While John Deere is focused on building trust among its users and has not yet aggregated and packaged its troves of data into solutions for customers, offering insights gained may prove beneficial to all members of its ecosystem. Specialized knowledge of how to maximize productivity under various conditions can guide farmers through external shocks, share best practices across geographies, and identify which seeds perform best for specific goals. These insights could not be derived from a single farm mining its own data. Furthermore, this dataset can even inform GMO development labs as new hybrid crops are designed, diversifying the company’s revenue sources.

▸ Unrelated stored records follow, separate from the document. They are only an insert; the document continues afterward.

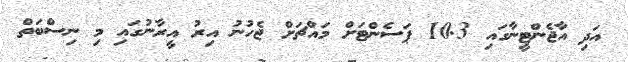
އަދި އާޖެންޓީނާގައި 10.3 ޕަސެންޓަށް މައްޗަށް ޖެހުނު އިރު އީރާނުގައި މި ނިސްބަތް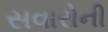
સવારોની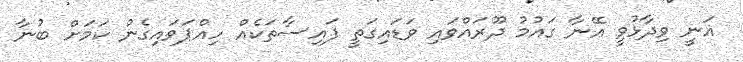
ޣަނީ ވިދާޅުވީ އޭނާ ގައުމު ދޫރައްވައި ވަޑައިގަތީ ފައިސާތަކެއް ހިއްޕަވައިގެން ކަމަށް ބުނާ

Offering a data solution to its customers may also enable John Deere to stabilize cash flows with SaaS and data as a service business models that do not rely on physical production, but instead offer high-margin gains through recurring purchases – capturing a share of the immense value generated by its products.
To continue capitalizing on the opportunities ahead, John Deere will need to prioritize seamless acquisition integration, develop and expand its talent pipeline in the Bay Area through the JD Labs initiative, and consider new approaches to value capture which are foreign to its current operating model. In some respects, this requires a transformation of John Deere into a tech-first enterprise to avoid displacement by the ventures disrupting legacy businesses through applications of AI, ML, and computer vision. Such transitions may be difficult, but, ultimately, they are necessary if the company is to weather the storms ahead, and reap the rewards of the seeds planted today.